We have a digital scale. How can you identify the fake bag with a minimum number of weighings?
Numbering the bags from 1 to 100, here is the weighing strategy:
You can succeed using three weighings, and cannot succeed in two:
1. Weigh one coin from each bag.
2. Weigh $i$ coins from the $i^{\,\text{th}}$ bag, for $i=1,2,\dots,100$.
3. Weigh a single coin from bag 51.
To deduce the true bag, let...
$t$ be the weight of a true coin.
$\delta$ be the difference between weight of a fake and true coin.
$i$ be the index of the bag which is full of fakes.

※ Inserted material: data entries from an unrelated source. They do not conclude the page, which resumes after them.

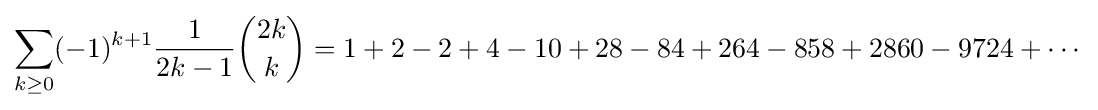
\sum _{k\geq 0}(-1)^{k+1}{\frac {1}{2k-1}}{\binom {2k}{k}}=1+2-2+4-10+28-84+264-858+2860-9724+\cdots
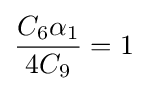
{\frac {C_{6}\alpha _{1}}{4C_{9}}}=1
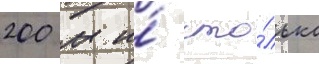
200 м и́ сто́лько
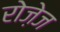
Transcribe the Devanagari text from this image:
रोज़ेज
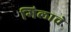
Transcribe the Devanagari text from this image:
गिलाचे
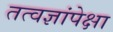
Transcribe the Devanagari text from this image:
तत्वज्ञांपेक्षा
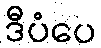
ဒီပံပေ
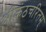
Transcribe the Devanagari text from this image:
श्रीकंठचरितम्‌
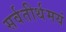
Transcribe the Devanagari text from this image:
सर्वतीर्थमयं
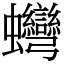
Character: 䘎
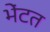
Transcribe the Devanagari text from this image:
भेंटत
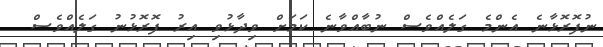
ނުފޮރޮޅާނެ އެންމެ ގަލެއްވެސް ނުބާއްވާނެ ކަމަށް ވިދާޅުވި އިރު ފޮރޮޅުނު ގަލެއްވެސް
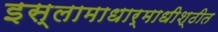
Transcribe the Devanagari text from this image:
इस्लामाधार्माधीश्ठीत
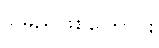
ပြုမည်ဖြစ်ကြောင်း
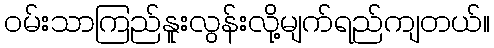
ဝမ်းသာကြည်နူးလွန်းလို့မျက်ရည်ကျတယ်။
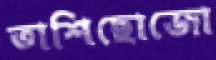
তাশিছোজো
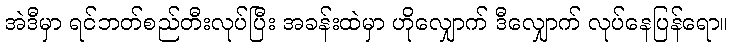
အဲဒီမှာ ရင်ဘတ်စည်တီးလုပ်ပြီး အခန်းထဲမှာ ဟိုလျှောက် ဒီလျှောက် လုပ်နေပြန်ရော။

$W_k$ be the outcome of $k^{\,\text{th}}$ weighing.
The weighings give us the following system of equations:
$$\begin{align}W_1&=100t+\delta&\\W_2 &= 5050t+i\delta \\W_3 &= \begin{cases}t & i\neq 51\\t+\delta&i=51\end{cases}\end{align}$$
You can then check that
$$ \frac{5050W_1 - 100W_2}{\hspace{1cm}W_1 - 100W_3} = \begin{cases}5050-100i & i\neq 51\\\frac{50}{99}&i=51\end{cases} $$
Finally, let $R=\frac{5050W_1 - 100W_2}{W_1 - 100W_3}$.
if $R=50/99$, you conclude that the fake bag is 51.

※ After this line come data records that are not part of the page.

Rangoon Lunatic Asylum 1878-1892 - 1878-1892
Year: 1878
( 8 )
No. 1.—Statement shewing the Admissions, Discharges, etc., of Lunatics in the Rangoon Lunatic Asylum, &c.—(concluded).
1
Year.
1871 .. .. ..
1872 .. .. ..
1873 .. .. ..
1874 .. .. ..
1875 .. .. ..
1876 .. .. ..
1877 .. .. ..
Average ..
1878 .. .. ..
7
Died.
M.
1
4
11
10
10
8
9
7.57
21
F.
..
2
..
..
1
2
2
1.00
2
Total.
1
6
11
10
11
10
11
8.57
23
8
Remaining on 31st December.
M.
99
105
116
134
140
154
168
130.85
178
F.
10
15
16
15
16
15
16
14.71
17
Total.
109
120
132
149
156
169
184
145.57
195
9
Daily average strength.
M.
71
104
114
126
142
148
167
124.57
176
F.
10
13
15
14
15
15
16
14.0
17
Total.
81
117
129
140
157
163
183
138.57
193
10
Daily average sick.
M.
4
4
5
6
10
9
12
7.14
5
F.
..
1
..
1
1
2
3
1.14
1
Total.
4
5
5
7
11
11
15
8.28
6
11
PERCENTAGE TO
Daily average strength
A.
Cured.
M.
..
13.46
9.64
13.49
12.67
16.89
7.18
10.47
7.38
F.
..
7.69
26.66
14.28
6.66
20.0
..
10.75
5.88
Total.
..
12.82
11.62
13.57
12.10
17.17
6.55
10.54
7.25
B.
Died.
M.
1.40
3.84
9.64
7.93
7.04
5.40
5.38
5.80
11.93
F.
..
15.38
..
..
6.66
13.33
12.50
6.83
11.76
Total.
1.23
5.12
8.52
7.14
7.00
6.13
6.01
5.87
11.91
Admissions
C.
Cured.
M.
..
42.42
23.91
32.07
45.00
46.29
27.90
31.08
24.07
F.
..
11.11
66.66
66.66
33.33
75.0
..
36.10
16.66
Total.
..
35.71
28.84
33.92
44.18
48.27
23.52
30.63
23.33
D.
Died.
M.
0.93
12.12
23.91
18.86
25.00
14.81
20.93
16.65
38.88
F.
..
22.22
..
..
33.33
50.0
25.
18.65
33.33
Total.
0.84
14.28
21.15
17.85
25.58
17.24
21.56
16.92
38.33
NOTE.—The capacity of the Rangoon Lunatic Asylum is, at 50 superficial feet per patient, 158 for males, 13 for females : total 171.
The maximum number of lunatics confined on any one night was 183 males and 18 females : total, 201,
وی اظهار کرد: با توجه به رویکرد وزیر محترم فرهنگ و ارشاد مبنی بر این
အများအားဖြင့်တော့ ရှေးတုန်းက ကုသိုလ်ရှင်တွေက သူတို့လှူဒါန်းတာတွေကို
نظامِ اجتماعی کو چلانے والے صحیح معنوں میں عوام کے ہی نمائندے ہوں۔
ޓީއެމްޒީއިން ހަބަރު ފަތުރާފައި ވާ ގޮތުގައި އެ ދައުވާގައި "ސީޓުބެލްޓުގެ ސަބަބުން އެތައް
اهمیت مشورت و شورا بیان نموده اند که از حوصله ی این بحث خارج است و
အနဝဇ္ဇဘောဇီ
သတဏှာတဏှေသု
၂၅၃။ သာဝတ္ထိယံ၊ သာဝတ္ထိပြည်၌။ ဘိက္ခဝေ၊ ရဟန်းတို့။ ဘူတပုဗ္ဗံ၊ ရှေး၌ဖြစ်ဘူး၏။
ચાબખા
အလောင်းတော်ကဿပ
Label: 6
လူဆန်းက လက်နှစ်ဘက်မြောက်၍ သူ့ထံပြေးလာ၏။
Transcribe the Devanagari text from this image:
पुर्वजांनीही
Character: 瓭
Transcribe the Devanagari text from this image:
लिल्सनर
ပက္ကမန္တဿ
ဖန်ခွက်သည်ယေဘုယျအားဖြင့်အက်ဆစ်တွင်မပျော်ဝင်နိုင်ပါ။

Otherwise, the fake bag is $i=(5050-R)/100$.
To prove optimality, note that
two weighings would give you a system of two equations, which is not enough to force a unique solution with three unknowns, $t,\delta$ and $i$.

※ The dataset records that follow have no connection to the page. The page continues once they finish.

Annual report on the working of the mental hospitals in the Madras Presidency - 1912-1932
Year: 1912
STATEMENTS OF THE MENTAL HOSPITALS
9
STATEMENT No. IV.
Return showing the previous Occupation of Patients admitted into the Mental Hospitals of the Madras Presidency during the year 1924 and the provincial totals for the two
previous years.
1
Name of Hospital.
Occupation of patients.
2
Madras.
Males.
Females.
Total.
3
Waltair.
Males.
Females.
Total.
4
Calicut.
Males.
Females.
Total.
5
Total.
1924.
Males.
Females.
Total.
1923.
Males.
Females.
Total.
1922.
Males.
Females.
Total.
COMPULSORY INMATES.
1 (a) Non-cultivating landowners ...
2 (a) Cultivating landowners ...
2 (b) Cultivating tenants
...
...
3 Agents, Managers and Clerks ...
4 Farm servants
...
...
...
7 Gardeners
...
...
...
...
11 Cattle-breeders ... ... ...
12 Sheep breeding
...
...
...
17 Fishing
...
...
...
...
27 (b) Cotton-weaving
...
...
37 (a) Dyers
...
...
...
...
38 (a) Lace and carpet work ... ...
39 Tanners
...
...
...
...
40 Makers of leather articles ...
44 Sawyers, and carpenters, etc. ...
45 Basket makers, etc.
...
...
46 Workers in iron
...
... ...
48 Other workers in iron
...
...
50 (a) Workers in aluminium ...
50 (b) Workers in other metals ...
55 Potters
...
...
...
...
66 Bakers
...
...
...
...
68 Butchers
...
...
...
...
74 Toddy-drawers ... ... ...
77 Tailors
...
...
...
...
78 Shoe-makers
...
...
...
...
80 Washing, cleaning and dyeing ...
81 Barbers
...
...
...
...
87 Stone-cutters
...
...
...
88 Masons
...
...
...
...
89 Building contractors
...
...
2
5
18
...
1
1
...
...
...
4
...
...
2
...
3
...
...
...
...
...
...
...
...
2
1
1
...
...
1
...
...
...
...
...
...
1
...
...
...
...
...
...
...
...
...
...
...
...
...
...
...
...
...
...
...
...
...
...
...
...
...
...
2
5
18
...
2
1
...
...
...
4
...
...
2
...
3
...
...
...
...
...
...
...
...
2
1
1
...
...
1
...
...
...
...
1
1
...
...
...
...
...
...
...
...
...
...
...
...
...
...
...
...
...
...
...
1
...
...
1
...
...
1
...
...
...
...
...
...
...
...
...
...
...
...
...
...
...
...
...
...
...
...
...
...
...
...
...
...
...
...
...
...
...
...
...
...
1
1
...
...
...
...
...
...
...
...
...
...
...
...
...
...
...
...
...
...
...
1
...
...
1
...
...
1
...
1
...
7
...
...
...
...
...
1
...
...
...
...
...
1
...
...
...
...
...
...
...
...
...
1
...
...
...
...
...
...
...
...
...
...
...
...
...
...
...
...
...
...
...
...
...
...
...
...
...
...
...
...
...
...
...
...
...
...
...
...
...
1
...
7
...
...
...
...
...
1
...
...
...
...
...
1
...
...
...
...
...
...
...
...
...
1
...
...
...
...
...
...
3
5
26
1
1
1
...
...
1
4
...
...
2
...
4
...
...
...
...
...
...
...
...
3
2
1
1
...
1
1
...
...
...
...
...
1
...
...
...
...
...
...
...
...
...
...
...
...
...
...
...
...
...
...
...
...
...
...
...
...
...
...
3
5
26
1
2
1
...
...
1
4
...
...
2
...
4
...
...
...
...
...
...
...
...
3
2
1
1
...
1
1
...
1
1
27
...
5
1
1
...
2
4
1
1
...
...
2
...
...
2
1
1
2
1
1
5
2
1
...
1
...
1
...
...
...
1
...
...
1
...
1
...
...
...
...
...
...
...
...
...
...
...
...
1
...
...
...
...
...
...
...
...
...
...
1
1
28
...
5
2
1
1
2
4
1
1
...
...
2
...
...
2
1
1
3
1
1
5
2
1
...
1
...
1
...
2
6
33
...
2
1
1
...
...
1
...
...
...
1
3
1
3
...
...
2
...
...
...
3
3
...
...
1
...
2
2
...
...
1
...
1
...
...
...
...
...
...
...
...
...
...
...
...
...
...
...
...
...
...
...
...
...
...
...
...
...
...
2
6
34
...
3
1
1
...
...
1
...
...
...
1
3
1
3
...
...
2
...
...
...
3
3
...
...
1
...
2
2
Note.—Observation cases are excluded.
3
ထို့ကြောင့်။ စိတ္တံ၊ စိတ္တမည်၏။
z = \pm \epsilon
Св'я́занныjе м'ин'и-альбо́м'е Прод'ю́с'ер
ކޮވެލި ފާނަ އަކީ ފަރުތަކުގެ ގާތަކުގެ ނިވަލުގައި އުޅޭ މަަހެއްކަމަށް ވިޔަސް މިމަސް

take one from the first bag, two from the second bag, three from the third bag and so on....
if they are normal coins they should weigh $(1+2+3+...+99+100)$$*$ weight of one coin but if it became less than that you have to divide the differences by the weight of one coin to find out the number of fake coin and then the bag number.